Lei Zhang and Xile Hu*
Laboratory of Inorganic Synthesis and Catalysis, Institute of Chemical Sciences and Engineering, Ecole Polytechnique Fédérale de Lausanne (EPFL), ISCI-LSCI BCH 3305, 1015 Lausanne, Switzerland. E-mail: xile.hu@epfl.ch; Web: http://lsci.epfl.ch

Received 10th March 2020 , Accepted 24th April 2020

First published on 27th April 2020


Convergent paired electrosynthesis is an energy-efficient approach in organic synthesis; however, it is limited by the difficulty to match the innate redox properties of reaction partners. Here we use nickel catalysis to cross-couple the two intermediates generated at the two opposite electrodes of an electrochemical cell, achieving direct arylation of benzylic C–H bonds. This method yields a diverse set of diarylmethanes, which are important structural motifs in medicinal and materials chemistry. Preliminary mechanistic study suggests oxidation of a benzylic C–H bond, Ni-catalyzed C–C coupling, and reduction of a Ni intermediate as key elements of the catalytic cycle.


Electrochemical organic synthesis has drawn much attention in recent years.1 Compared to processes using stoichiometric redox agents, electrosynthesis can potentially be more selective and safe, generate less waste, and operate under milder conditions.1b In the majority of examples, the reaction of interest occurs at one electrode (anode for oxidation or cathode for reduction), while a sacrificial reaction occurs at the counter electrode to fulfil electron neutrality.1a,2 Paired electrolysis uses both anodic and cathodic reactions for the target synthesis, thereby maximizing energy efficiency.1a,3 However, there are comparatively few examples of paired electrolysis for organic synthesis.1a,3,4

Paired electrolysis might be classified into three types: parallel, sequential, and convergent (Fig. 1).1a,3a In parallel paired electrolysis (Fig. 1a), the two half reactions are simultaneous but non-interfering. In sequential paired electrolysis (Fig. 1b), a substrate is oxidized and reduced (or vice versa) sequentially. In convergent paired electrolysis (Fig. 1c), intermediates generated by the anodic and cathodic processes react with one another to yield the product.1a,3a,4b,c,5 The activation mode of all three types of paired electrolysis is based on the innate redox reactivity of substrates. As a result, the types of reactions that could be conducted by paired electrolysis remain limited. We proposed a catalytic version of convergent paired electrolysis, where a catalyst is used to cross-couple the two intermediates generated at the two separated electrodes (Fig. 1d). Although mediators have been used in paired electrosynthesis,3a,4c,6 catalytic coupling of anodic and cathodic intermediates remains largely undeveloped. This mode of action will leverage the power of cross-coupling to electrosynthesis, opening up a wide substrate and product space. Here we report the development of such a process, where cooperative nickel catalysis and paired electrolysis enable direct arylation of benzylic C–H bonds (Fig. 1e).
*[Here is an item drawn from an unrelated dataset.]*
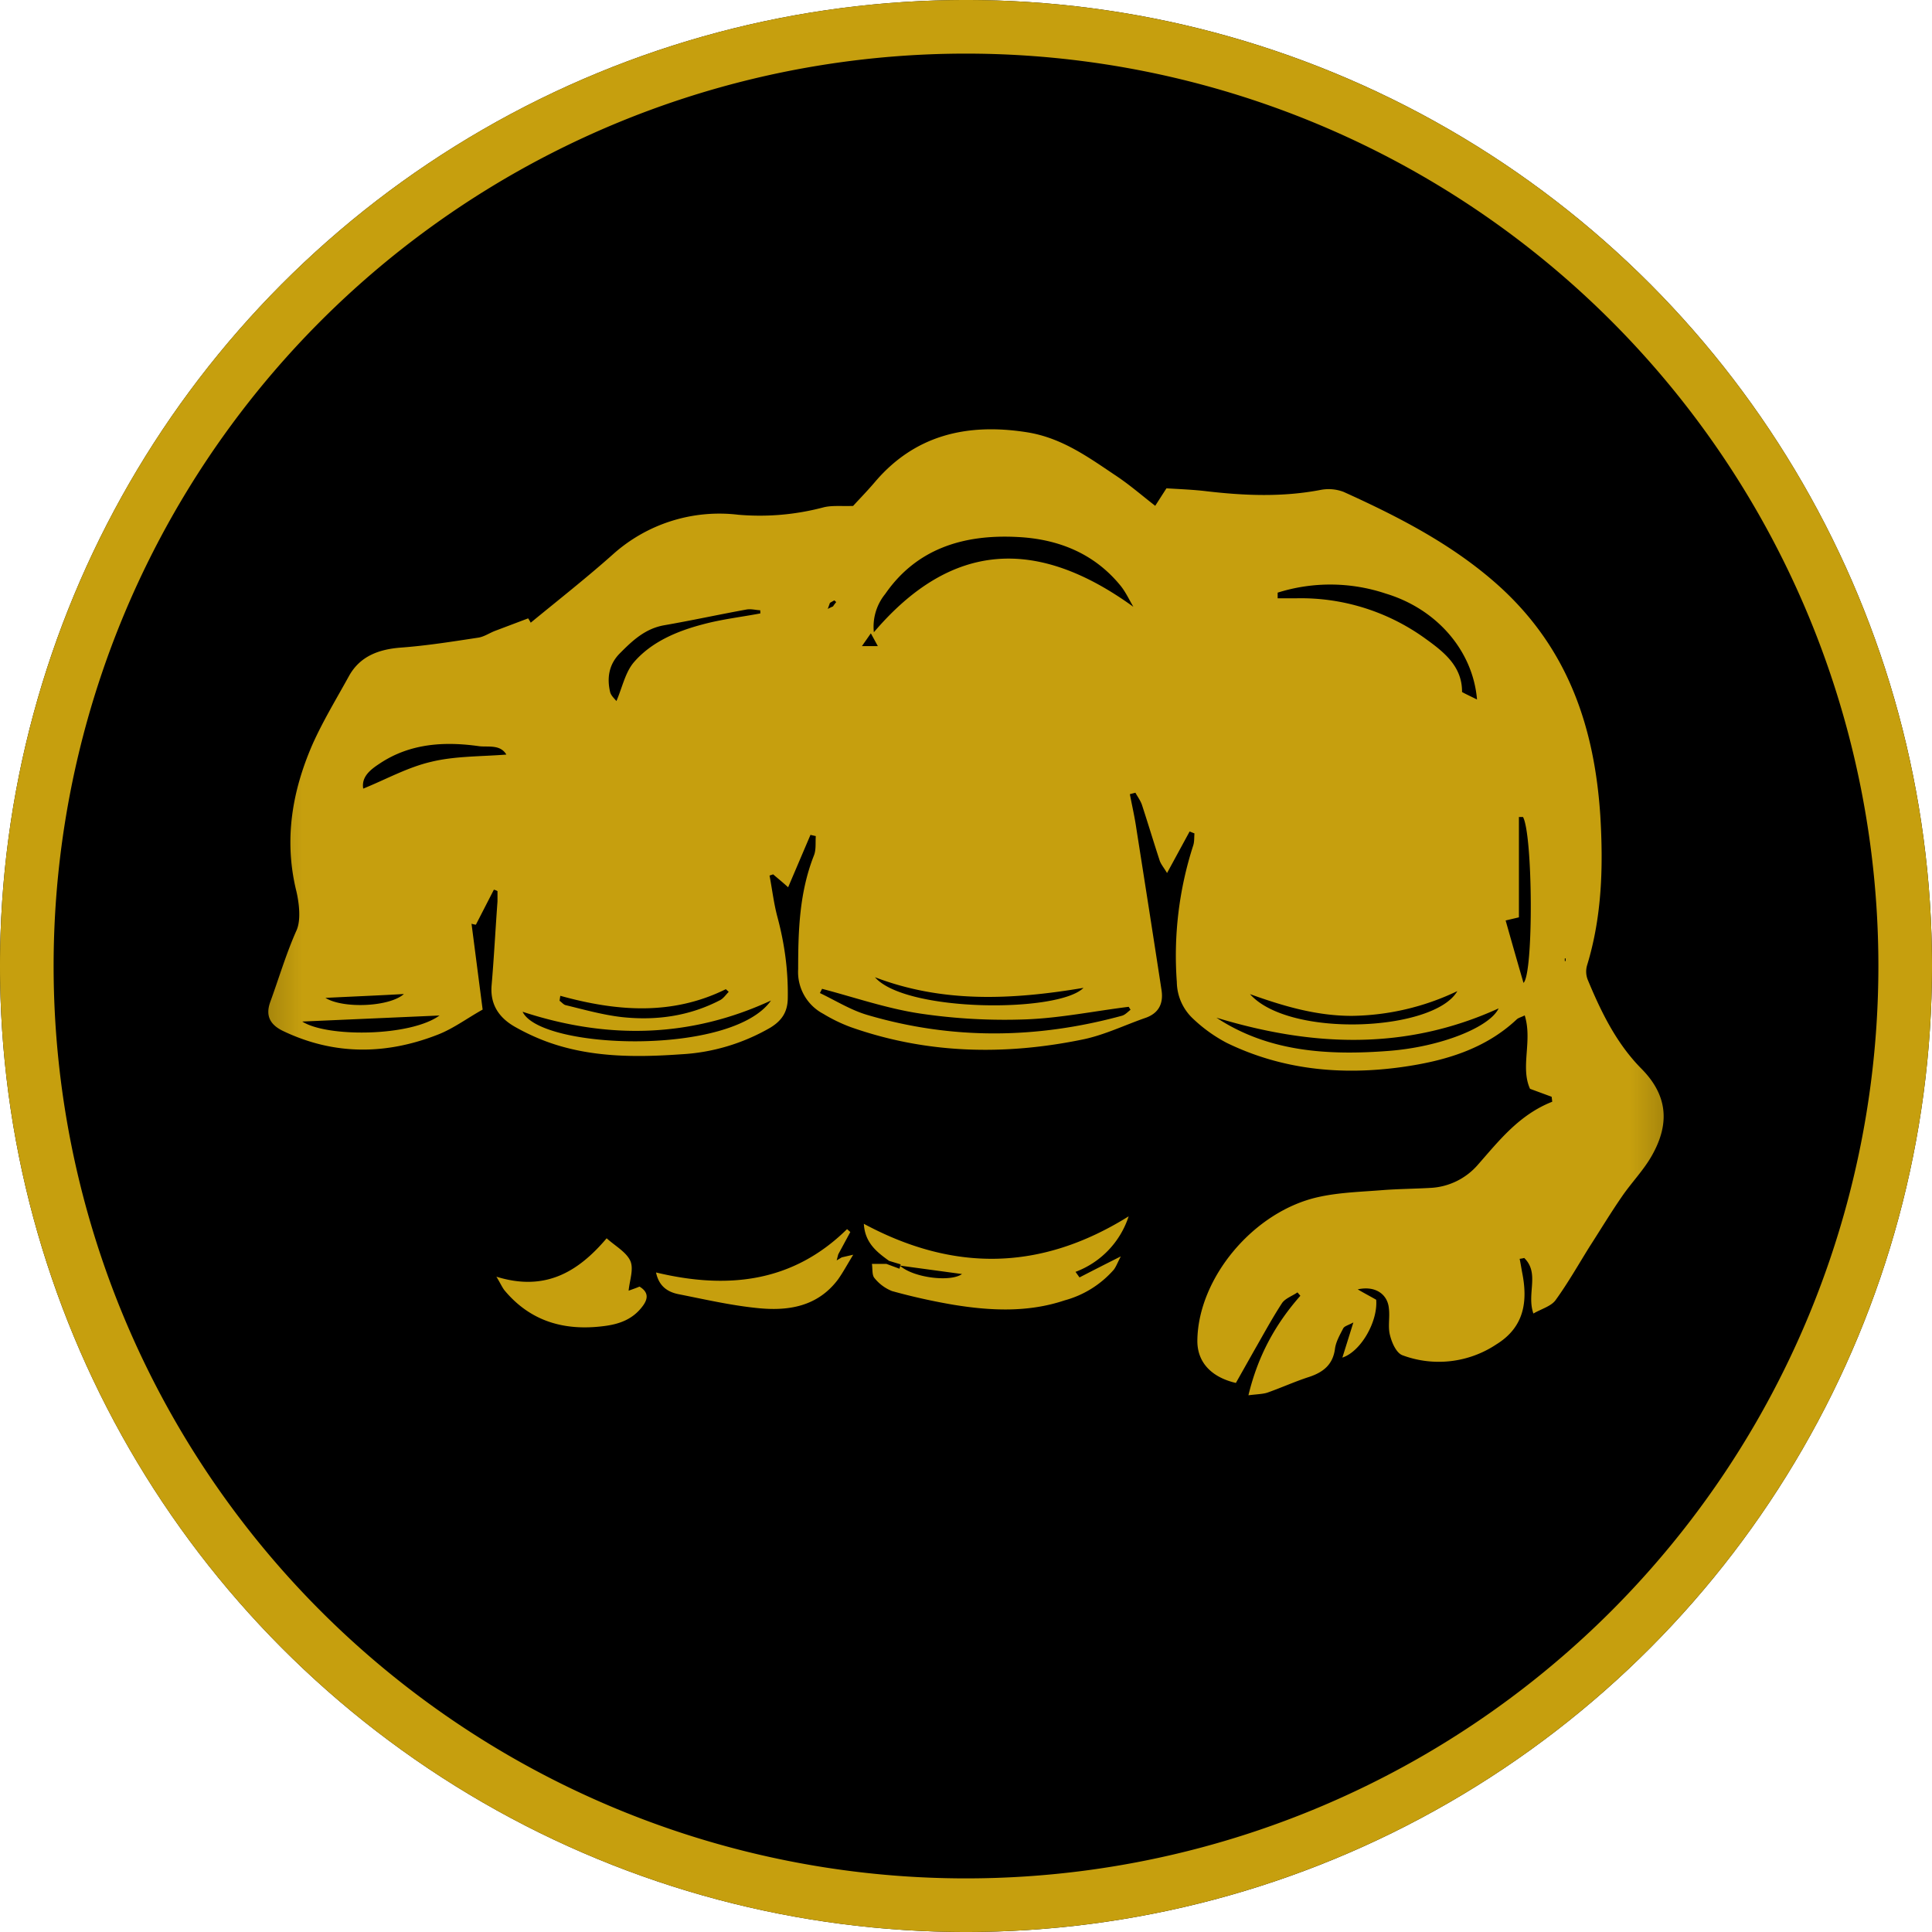 <svg width="16" height="16" fill="none" xmlns="http://www.w3.org/2000/svg"><g clip-path="url(#a)"><circle cx="8" cy="8" r="8" fill="#000"/><path fill-rule="evenodd" clip-rule="evenodd" d="M8 15.556A7.556 7.556 0 1 0 8 .444a7.556 7.556 0 0 0 0 15.112ZM8 16A8 8 0 1 0 8 0a8 8 0 0 0 0 16Z" fill="#C69F0E"/><mask id="b" style="mask-type:luminance" maskUnits="userSpaceOnUse" x="1" y="1" width="14" height="14"><path d="M14.444 1.556H1.556v12.888h12.888V1.556Z" fill="#fff"/></mask><g mask="url(#b)" fill="#C69F0E"><path d="M12.699 10.878c-.058-.164.054-.333-.076-.46a.24.24 0 0 1-.038.007c.008.037.014.077.021.114.047.235.02.45-.213.594a.86.86 0 0 1-.78.09c-.05-.02-.086-.103-.101-.163-.02-.072 0-.15-.01-.225-.01-.114-.109-.19-.258-.157.058.034.119.066.153.086.015.18-.127.429-.28.479l.091-.291c-.042.023-.074.03-.084.049-.028.054-.06.11-.068.167-.016.127-.09.194-.214.235-.115.037-.225.087-.34.128-.037.014-.081.014-.163.024.078-.325.222-.588.43-.824l-.024-.028c-.043.03-.102.05-.128.089-.084.129-.156.263-.232.395l-.15.266c-.213-.05-.321-.18-.319-.352.006-.516.465-1.07 1.004-1.188.176-.039.361-.043.543-.058.127-.009.253-.01.376-.017a.556.556 0 0 0 .401-.193c.176-.2.341-.413.615-.521a1.873 1.873 0 0 0-.005-.041l-.179-.066c-.082-.18.022-.398-.044-.608-.024.013-.05.019-.065.032-.262.247-.596.346-.953.396-.503.07-.992.022-1.449-.2a1.236 1.236 0 0 1-.278-.199.422.422 0 0 1-.136-.305 2.966 2.966 0 0 1 .136-1.132c.01-.032.007-.066.01-.099l-.04-.016-.187.344c-.028-.047-.052-.074-.062-.106-.05-.153-.096-.306-.146-.459-.012-.035-.036-.067-.054-.1l-.046.012c.018.094.04.189.054.286.07.445.14.89.208 1.335.016.102-.014.188-.128.23-.174.06-.343.143-.522.18-.65.134-1.295.12-1.924-.102a1.32 1.32 0 0 1-.227-.11.391.391 0 0 1-.208-.37c0-.32.01-.634.13-.94.02-.048.012-.107.016-.162a1.423 1.423 0 0 1-.044-.01l-.185.434c-.055-.05-.09-.077-.124-.107l-.03.01c.022.115.035.23.065.342.06.224.09.445.086.676-.002.113-.05.184-.145.242-.225.13-.477.206-.736.22-.38.027-.759.027-1.119-.106a1.79 1.79 0 0 1-.259-.121c-.134-.076-.206-.186-.194-.341.02-.233.032-.466.049-.698V7.38a.1.1 0 0 0-.03-.012l-.149.29a.2.2 0 0 1-.036-.008l.092.711c-.126.07-.24.156-.37.207-.427.167-.854.173-1.277-.027-.114-.053-.152-.128-.113-.24.073-.2.133-.405.22-.599.051-.12-.005-.331-.005-.331-.1-.416-.034-.814.134-1.202.087-.196.201-.383.305-.572.09-.161.243-.22.43-.234.215-.016.427-.05.638-.082.05-.007.096-.04.145-.058l.27-.102c.008.013.016.024.021.036.23-.189.462-.371.682-.567a1.32 1.32 0 0 1 1.038-.327c.238.02.47 0 .7-.06.07-.019.145-.01.25-.013.047-.052.115-.121.178-.195C7.57 3.608 8 3.5 8.506 3.58c.294.047.516.213.747.367.108.073.206.158.314.242l.093-.145c.112.007.222.011.33.024.317.037.631.05.948-.011a.348.348 0 0 1 .19.017c.473.214.93.451 1.309.8.563.522.769 1.171.816 1.88.025.418.015.834-.11 1.242-.011.039-.009.08.006.118.111.267.237.527.446.738.226.229.228.467.084.72-.068.12-.168.222-.246.336-.094.136-.179.277-.268.415-.093.149-.18.303-.283.445-.037.05-.115.071-.183.11Zm-5.8-5.856c.007-.013.018-.025.026-.036l-.015-.014a.635.635 0 0 0-.037.021 1.962 1.962 0 0 1-.018.05.438.438 0 0 1 .044-.021Zm2.488.005c-.036-.061-.066-.127-.11-.18-.215-.262-.511-.384-.854-.4-.449-.023-.835.1-1.092.472a.429.429 0 0 0-.094.317c.647-.76 1.355-.786 2.15-.21Zm1.194-.119v.047h.148c.381-.01.755.105 1.066.327.153.11.315.23.313.449.034.019.074.037.124.062-.034-.405-.334-.75-.755-.877a1.45 1.45 0 0 0-.896-.008ZM9.363 8.362c-.006-.007-.01-.017-.016-.024-.282.035-.565.093-.85.104a4.756 4.756 0 0 1-.875-.048c-.275-.041-.544-.134-.814-.205l-.018.035c.13.062.257.142.395.182.7.206 1.402.198 2.106.006.026-.007.048-.031.072-.05Zm3.25-1.596h-.034v.831l-.11.026c.05.177.098.346.148.517.084-.078.078-1.222-.004-1.374Zm-2.539 1.662c.43.284.925.314 1.429.275.435-.034.835-.198.908-.352-.772.352-1.547.317-2.337.077Zm-3.689-.142c-.664.307-1.348.326-2.057.093.148.313 1.732.37 2.057-.093ZM6.297 5.08l-.001-.026c-.039-.002-.077-.013-.115-.006-.226.041-.45.09-.68.13-.16.028-.266.13-.37.235-.088.09-.106.201-.078.319.008.031.04.058.052.074.05-.117.073-.238.145-.322.144-.167.354-.257.573-.314.156-.042.316-.06.474-.09ZM4.194 6.25c-.05-.086-.148-.062-.224-.07-.293-.042-.578-.023-.828.145-.078.051-.15.11-.134.206.188-.076.368-.177.563-.222.196-.048.407-.043.623-.06Zm3.052 1.843c.253.291 1.52.296 1.727.088-.6.101-1.17.125-1.727-.088Zm4.823.115a2.083 2.083 0 0 1-.874.205c-.296 0-.57-.082-.843-.18.325.366 1.525.309 1.717-.025Zm-7.429.04-.006.04c.019.013.034.034.054.037.152.037.305.08.461.098.285.031.56-.008.814-.14.028-.014.048-.045.072-.069l-.024-.022c-.445.22-.904.184-1.37.055ZM3.64 8.41l-1.137.05c.206.132.896.125 1.137-.05Zm-.295-.178c-.207.012-.411.02-.65.032.146.091.531.075.65-.032Zm3.793-2.881h.132l-.058-.106-.074.106Zm5.828 2.586h-.007v.022h.007v-.022Z"/><path d="M7.363 10.442c-.103-.074-.2-.15-.209-.307.744.4 1.466.392 2.193-.062a.732.732 0 0 1-.44.46l.033.046c.105-.054.208-.107.342-.174-.028.054-.039.085-.058.11a.828.828 0 0 1-.407.254c-.301.101-.61.087-.918.037a5.109 5.109 0 0 1-.512-.114.355.355 0 0 1-.146-.109c-.02-.024-.014-.074-.02-.116h.12l.108.04.01-.036-.096-.029Zm.088.038c.11.102.42.14.516.071l-.516-.07Zm-2.245.209c.029-.011.06-.021.09-.034.075.045.073.1.026.162-.08.108-.191.149-.32.165-.326.042-.608-.037-.824-.296-.02-.026-.033-.057-.067-.113.4.124.673-.035.913-.318.071.064.162.113.196.187.03.067-.006.162-.014.247Zm1.765-.276.095-.022c-.051.084-.085.147-.126.205-.17.226-.413.263-.666.237-.22-.022-.437-.072-.654-.115-.107-.021-.166-.08-.187-.18.588.141 1.13.086 1.582-.359l.027.024-.1.185-.013.05.042-.025Z"/></g></g><defs><clipPath id="a"><path fill="#fff" d="M0 0h16v16H0z"/></clipPath></defs></svg>

image file: d0sc01445a-f1.tif
Fig. 1 Different types of paired electrolysis: (a) parallel paired electrolysis, (b) sequential paired electrolysis, (c) convergent paired electrolysis, (d) catalytic convergent paired electrolysis and (e) this work.

Our method can be used to synthesize diarylmethanes, which are important structural motifs in bioactive compounds,7 natural products8 and materials.9 Direct arylation of benzylic C–H bonds has been recognized as an efficient strategy to synthesize diarylmethanes, and methods using metal catalysis10 and in particular combined photoredox and transition-metal catalysis have been reported.11 Electrosynthesis provides a complementary approach to these methods, with the potential advantages outlined above. The groups of Yoshida12 and Waldvogel13 previously developed synthesis of diarylmethanes via a Friedel–Crafts-type reaction of a benzylic cation and a nucleophile. The benzylic cations were generated by anodic oxidation of benzylic C–H bonds.14 To avoid the overoxidation of products and to stabilize the very reactive benzylic cations, the reactions had to be conducted in two steps, where the benzylic cations generated in the anodic oxidation step had to be trapped by a reagent. We thought a Ni catalyst could be used to trap the benzyl radical to form an organonickel intermediate, which is then prone to a Ni-catalyzed C–C cross-coupling reaction. Although such a coupling scheme was unprecedented, Ni-catalyzed electrochemical reductive coupling of aryl halides was well established.15 We were also encouraged by a few recent reports of combined Ni catalysis and electrosynthesis for C–N,16 C–S,17 and C–P18 coupling reactions.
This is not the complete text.